- DVD cover
- Genre: Drama
- Based on: What If God Were the Sun? by John Edward
- Screenplay by: Janet Dulin Jones; Jamie Pachino;
- Directed by: Stephen Tolkin
- Starring: Lacey Chabert; Gena Rowlands;
- Theme music composer: Laura Karpman
- Country of origin: United States
- Original language: English

Production
- Producer: Greg Copeland
- Cinematography: Robin Loewen
- Editor: Gib Jaffe
- Running time: 88 minutes
- Production companies: JECO Productions; Old Beantown Films; Fox Television Studios;

Original release
- Network: Lifetime
- Release: May 14, 2007

= What If God Were the Sun? =

What If God Were the Sun? is a 2007 American television film directed by Stephen Tolkin and starring Lacey Chabert and Gena Rowlands. Written by Janet Dulin Jones and Jamie Pachino, based in part on a novel by John Edward, the film is about a dedicated nurse whose life is disrupted by her father's death. After losing her job, she finds comfort and inspiration in caring for a terminally ill woman with a quick wit and strong faith. What If God Were the Sun? was originally broadcast by Lifetime Television on May 14, 2007.

==Plot==
Jamie is an ER nurse preparing for her upcoming wedding. When her policeman father unexpectedly dies in a hospital room adjacent to the one in which she's caring for a patient, her grief consumes her life, severely affecting her job performance and her relationship with her fiancé. Not until she meets Melissa, who is facing death from cancer with a sunny outlook and an unwavering faith in God, does Jamie begin to cope with her feelings and question her religious beliefs, including her conviction that the afterlife doesn't exist.

==Cast==

Gena Rowlands and Lacey Chabert

- Lacey Chabert as Jamie Spagnoletti
- Gena Rowlands as Melissa Eisenbloom
- Sam Trammell as Jeff
- Sarah Rafferty as Rachel Eisenbloom
- Klea Scott as Carmen
- Amanda Brugel as Lupe
- Diana Reis as Katherine
- Kim Roberts as Maricela
- Maria Ricossa as Alma
- Illya Torres-Garner as Raul
- Ernesto Griffith as Captain Herbert
- Yogesh Chotalia as Dr. Browning
- David Stuart Evans as Michael
- Robert Marshall as Orlando
- Jan Skene as Dr. Greenberg

==Critical reception==
In her review in Variety, Laura Fries said, "Rowlands is easily the best thing about the pic, and faces its many challenges, including cliches and colossally bad dialogue, with her reputation fairly unscathed . . . ultimately even [her] presence can't save the film from its own overwrought emotions and preposterous posthumous allusions. Perhaps the dead are always with us, but they would surely be grateful to miss this one."

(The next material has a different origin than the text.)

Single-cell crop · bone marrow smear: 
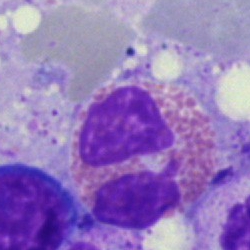Cell type — eosinophilic granulocyte.

Marilyn Moss of The Hollywood Reporter observed, "Its parts don't always mesh or make sense - storywise and otherwise - but anyone who stays with the characters long enough won't come away empty-handed . . . the story [wants] to be too many things and encase too many issues and events. Still, who cares about such small matters if it means getting to watch Gena Rowlands on the screen?"

==Nominations==
Gena Rowlands was nominated for the Primetime Emmy Award for Outstanding Lead Actress in a Miniseries or Movie and the Screen Actors Guild Award for Outstanding Performance by a Female Actor in a Miniseries or Television Movie for her performance.